The ranch is a pretty big place and we were happy to share some of the plants that grow like weeds (or are weeds) out here.


Friday, June 8, 2012

Cleaning house


We've been busily tidying the house lately. This mirror (from the old Rajneesh dance hall) got the hook and was slated to move up on the hill for long term storage. For some reason though it only made it as far as the front yard for a few days. It was quite odd to see a mirror nestled in the rosebushes outside. I did get a good view of just how dirty my shoes were every time I walked by though :)

Wednesday, June 6, 2012

Master arborists


The other day while we were planting the garden, Nathan and Brian got tired of hitting their head on a branch of this old homesteader apple tree. So what do they do? Get the chainsaw out and lop off the branches in question.

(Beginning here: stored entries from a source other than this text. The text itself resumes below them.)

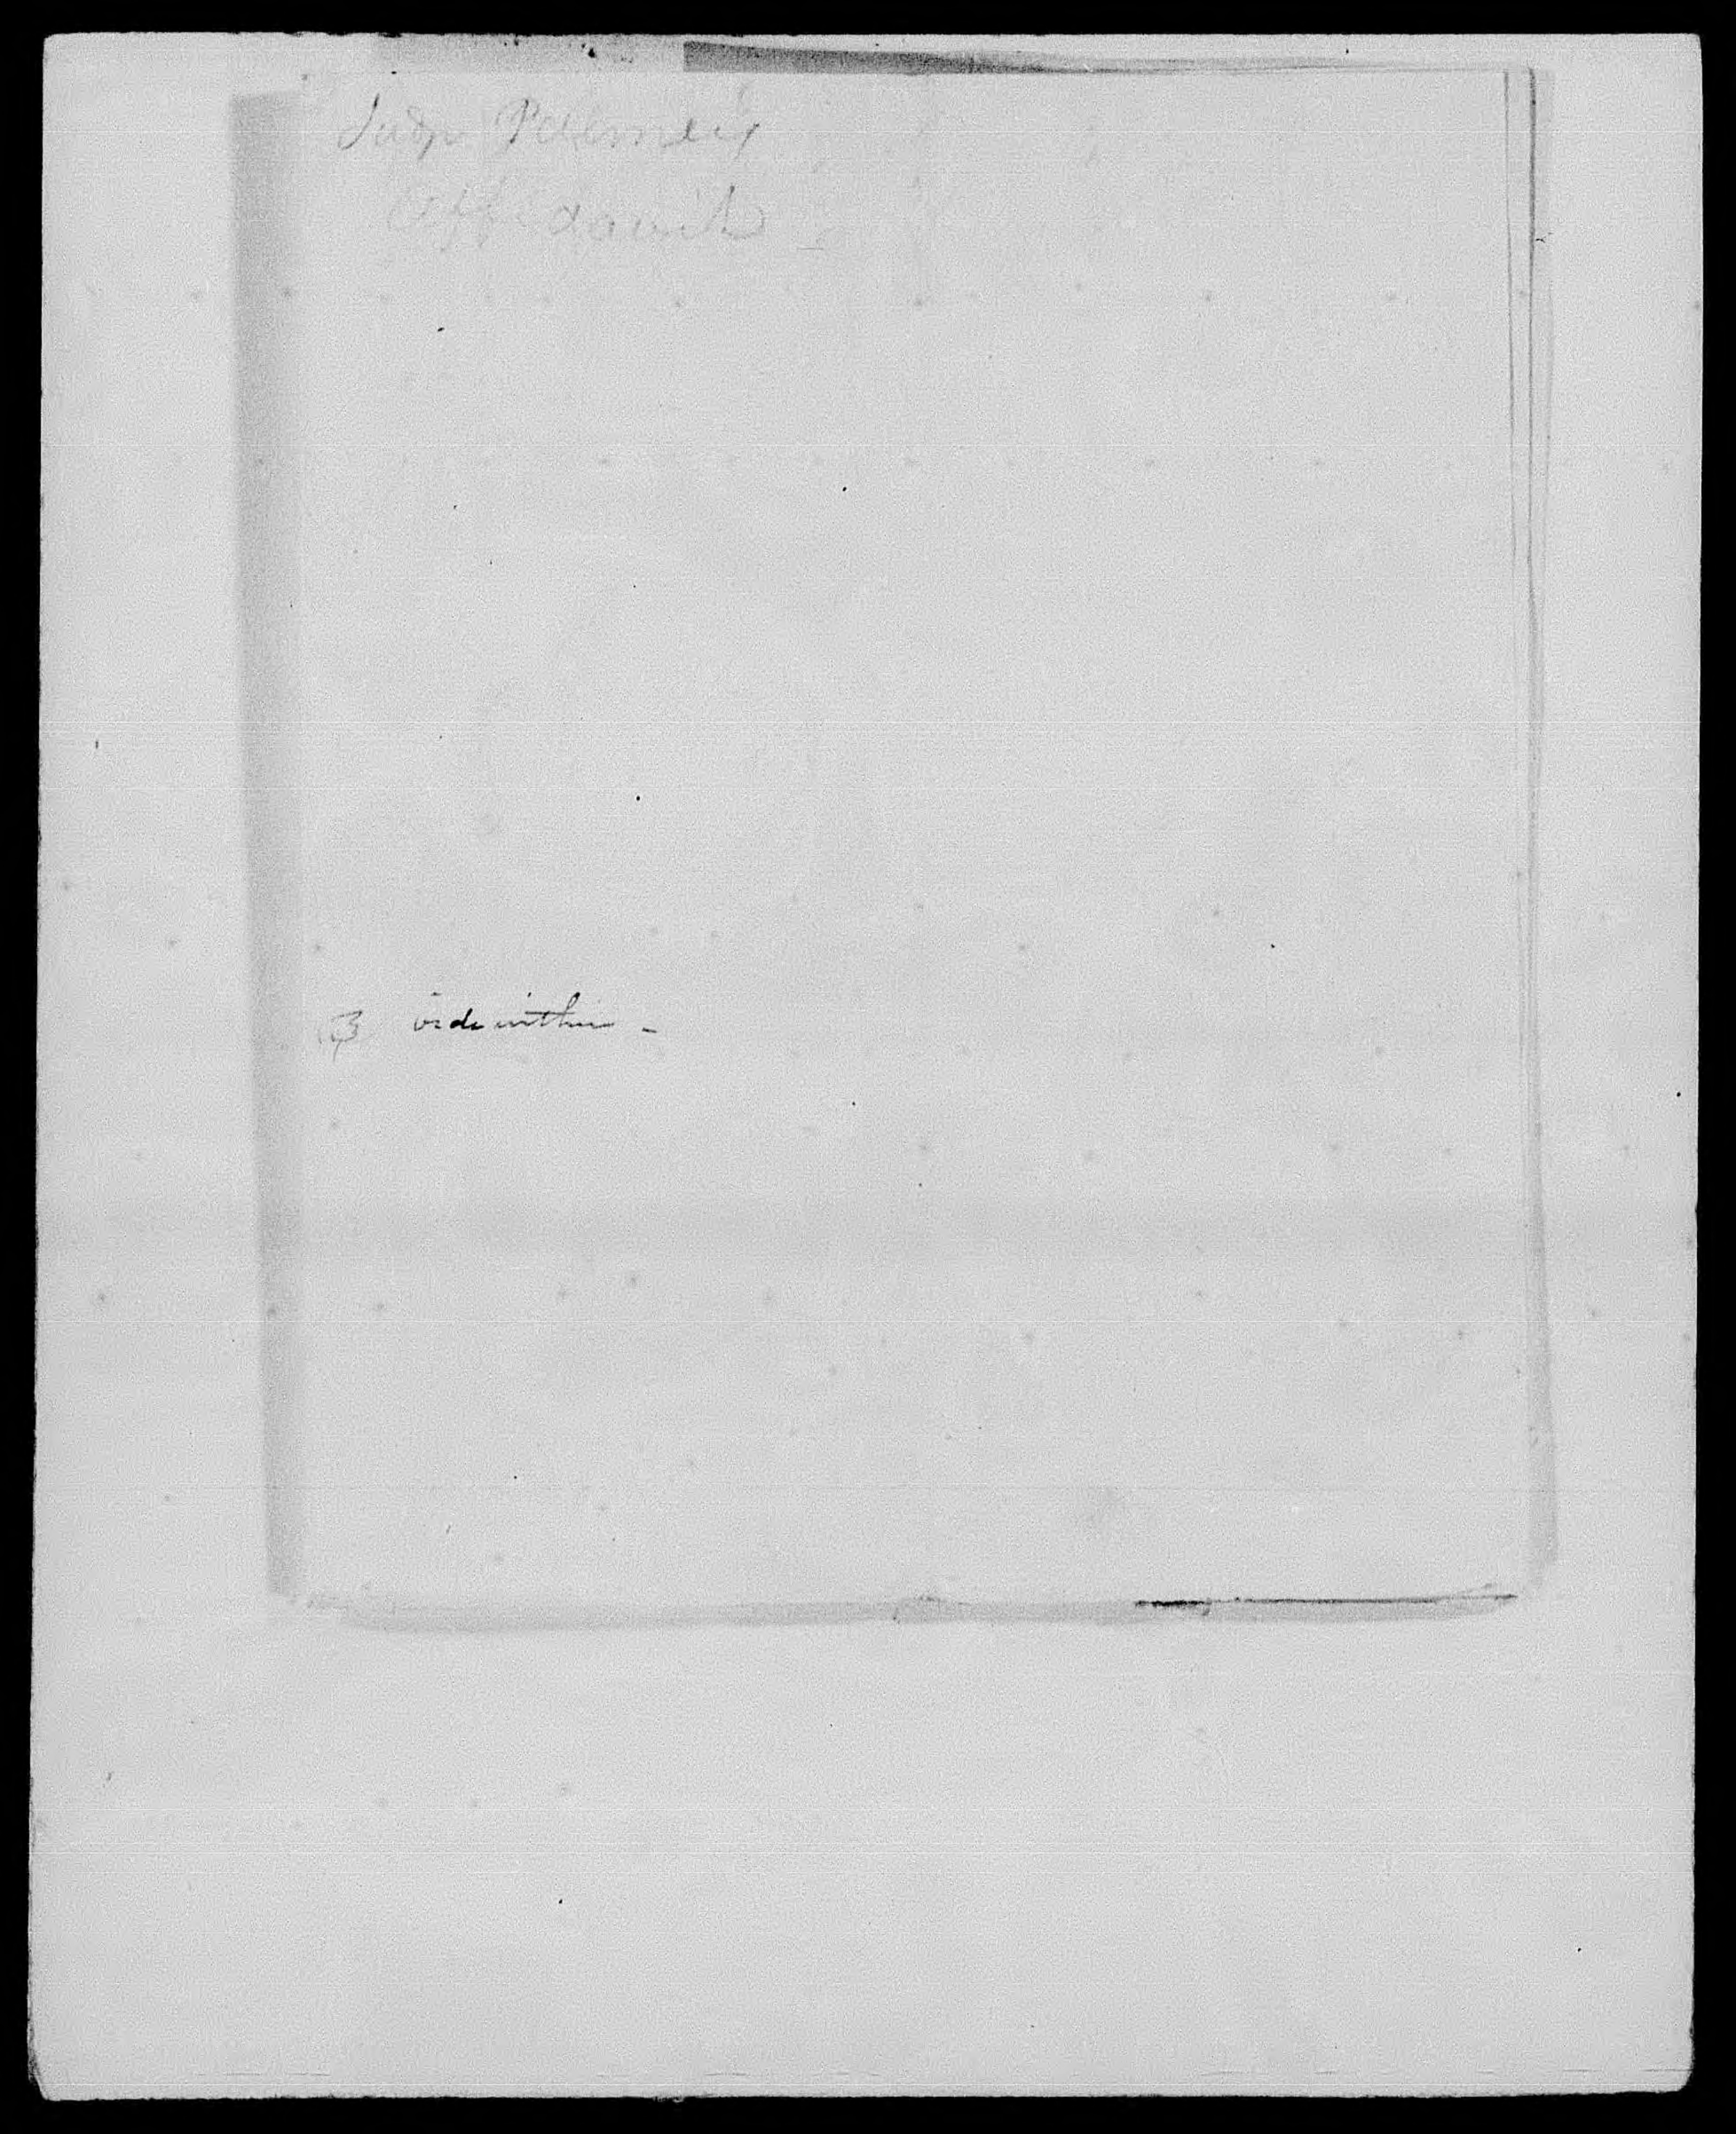Judge Pollmey
Affidavit

vide inthin -

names: Palmer
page: 30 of 46
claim: widow's
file: W. 23022, Thomas Farr, N.H.

Why they didn't fell the rest of the tree (which is practically dead and needs removed anyway) is really beyond me ...

Monday, June 4, 2012

Visions of of the ranch

Image courtesy Stephen Brooks

Friend of the ranch (and wonderful photographer) Stephen recently had some of his photos from the ranch published in Yale's Sage Magazine as part of a series documenting the environmental challenges facing the American West. You can browse through the entire magazine here. Additionally, there is an accompanying photo essay that features several of Stephen's images. In the "People of the West" series, check out images 1 or 6 and 6 of 6 and in Natural Landscapes take a look at image 12 of 13.

It is somewhat surreal to be taken in by these images: you get so wrapped up in the blood, sweat and toil of those fighting for what they care about in the West, then all the sudden I realize that is my home, my family and it is inspiring to be a part in the documentation of these issues.

The above image of Nathan standing at the canyon's edge is from one of our first years out here at the ranch. I can't help but laugh to myself as I know first-hand how invested Nathan is in this place simply through the clothes he is wearing. In the photo you can see how dirty his jacket is but I smile when I think of how every single item he is wearing came across my lap for mending dozens of times. I patched and patched but eventually each piece disintegrated; the pants became so threadbare there was nothing for me to stitch a patch to, the hat wore through in so many spots his head would get sunburned and the soles of the boots (still the favorite boots he's ever owned) got so thin, cracked and worn through, that he would come home with feet as dusty, wet and dirty as if he'd gone barefoot all day. To me, the sheer destruction of his clothes shows just how hard he works and how much he cares about this land. It is our labor of love. How blessed we are, through Stephen's photos, to be able to share that passion for the land with others.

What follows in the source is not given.